Asteroid Ryugu Is Packed With Life-Building Molecules, Latest Tests Reveal : ScienceAlert
Ongoing efforts to deconstruct the chemistry of the most pristine asteroid sample to ever grace a laboratory have now uncovered a treasure trove of organic molecules that provide evidence for theories that suggest biology ultimately has its roots in space.
It has been more than two years since material from the surface of asteroid Ryugu was transported to Earth in an airtight capsule. Since then, researchers from around the world have collaborated to study its composition to better understand how it fits into the evolution of our solar system.
These latest results confirm links between the carbon-based compounds found on stony ‘chondrite’ meteorites that have fallen to Earth’s surface and the chemistry of the asteroids from which they originate.
By considering the similarities and differences between the Ryugu samples and carbonaceous chondrite meteorites on Earth, scientists can take a fresh look at the meteorites in our collections. In other words, real asteroid samples are useful for confirming hypotheses stemming from their parts arriving on our planet’s surface after a brief bake through the atmosphere.
“Previous analyzes have revealed organic molecules in carbonaceous chondrites, but until now we have not been able to see if these primitive projectiles differ from what has been found on asteroids,” says cosmochemist Larry Nittler, formerly of the Carnegie Institution of Washington and now with Arizona State University.
“Our work on the Ryugu samples provides the first direct link between the organic material found in chondrites and that of asteroids.”

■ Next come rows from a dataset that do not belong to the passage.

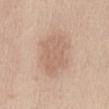Notes:
- notes · total-body-photography surveillance lesion; no biopsy
- acquisition · total-body-photography crop, ~15 mm field of view
- diameter · ~5 mm (longest diameter)
- patient · female, in their mid-40s
- location · the abdomen
- automated lesion analysis · a lesion area of about 17 mm² and two-axis asymmetry of about 0.15; a lesion color around L≈63 a*≈18 b*≈28 in CIELAB, about 8 CIELAB-L* units darker than the surrounding skin, and a lesion-to-skin contrast of about 5 (normalized; higher = more distinct); a border-irregularity index near 2.5/10 and a color-variation rating of about 2.5/10
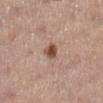Notes:
- image source · 15 mm crop, total-body photography
- site · the leg
- lesion size · ~2.5 mm (longest diameter)
- subject · female, roughly 65 years of age
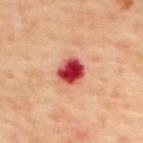Assessment: This lesion was catalogued during total-body skin photography and was not selected for biopsy. Background: The subject is a male aged approximately 65. On the upper back. The tile uses cross-polarized illumination. A 15 mm crop from a total-body photograph taken for skin-cancer surveillance. Measured at roughly 3 mm in maximum diameter.
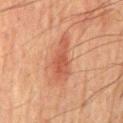Case summary:
* notes · no biopsy performed (imaged during a skin exam)
* lesion diameter · ≈6.5 mm
* site · the mid back
* subject · male, aged around 65
* tile lighting · cross-polarized
* acquisition · 15 mm crop, total-body photography
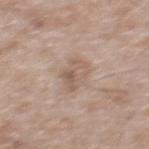Imaged during a routine full-body skin examination; the lesion was not biopsied and no histopathology is available.
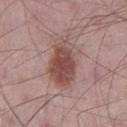No biopsy was performed on this lesion — it was imaged during a full skin examination and was not determined to be concerning.
Located on the left thigh.
A roughly 15 mm field-of-view crop from a total-body skin photograph.
This is a white-light tile.
A male patient approximately 65 years of age.
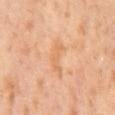No biopsy was performed on this lesion — it was imaged during a full skin examination and was not determined to be concerning. Automated image analysis of the tile measured a color-variation rating of about 1/10. And it measured a nevus-likeness score of about 0/100. The subject is a male in their mid-60s. This image is a 15 mm lesion crop taken from a total-body photograph. The lesion's longest dimension is about 4 mm.
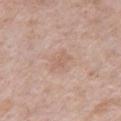workup=imaged on a skin check; not biopsied
subject=male, aged 48–52
location=the chest
acquisition=total-body-photography crop, ~15 mm field of view
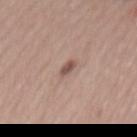follow-up=imaged on a skin check; not biopsied | TBP lesion metrics=an average lesion color of about L≈52 a*≈18 b*≈24 (CIELAB) and a normalized border contrast of about 8 | image=total-body-photography crop, ~15 mm field of view | site=the mid back | patient=female, aged approximately 55 | size=about 2.5 mm | illumination=white-light.

The newly identified molecules, often referred to as the building blocks of life because they play a role in the origin of life, include several types of amino acids that together make up the proteins that organisms rely on to build to exist.
In all, around 20,000 organic molecules were identified in just 5 grams (0.18 ounces) of material. These include organic compounds such as carboxylic acids, amines and aromatic hydrocarbons; Compounds that are closely related to a variety of molecules that are vital throughout the living world.

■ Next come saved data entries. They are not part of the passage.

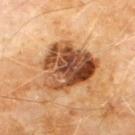Q: Was a biopsy performed?
A: catalogued during a skin exam; not biopsied
Q: What is the anatomic site?
A: the chest
Q: Patient demographics?
A: male, aged 58 to 62
Q: What kind of image is this?
A: ~15 mm crop, total-body skin-cancer survey

The results support the assumption that the ingredients necessary for the emergence of life reached our planet in an already complex form through collisions with asteroids. How this organic dust might have combined into some sort of replicating chemistry remains a matter of debate, but knowing that space offers the right conditions for the formation of so many relevant compounds gives scientists a good start for experiments.
Since these asteroids are essentially the leftovers from when the solar system formed some 4.5 billion years ago, they can also teach us much about the earliest moments of our planet’s formation.
By using certain chemical markers—including the amount of water present—scientists can attempt to determine when and where Ryugu formed, giving us a snapshot of conditions at a particular point in the solar system’s evolution.
“At least some of the organic matter in Ryugu samples predates the Sun and was formed under extremely cold conditions,” says geochemist George Cody of the Carnegie Institution for Science in Washington, DC.
These new studies show the utility of probes collecting material from asteroids, like the Hayabusa2 spacecraft, that mined the rocks of Ryugu. Unlike meteorite samples, this dust and rock has not been affected by weathering as it is exposed to soil, water and air.
Additionally, trying to analyze an asteroid in space is also difficult — not least because they’re moving so fast and reflect little light, which limits the readings instruments can get. In the laboratory, much more time and attention can be devoted to extracting data from these materials.
“In the past, our research was limited to examining space rocks that came down to us from a crash on Earth,” says Cody.
“With Hayabusa2, we were finally able to go to a carbon-rich asteroid and see how it compares to the meteorites that reach Earth.”
Both works were published in Science. You can find them here and here.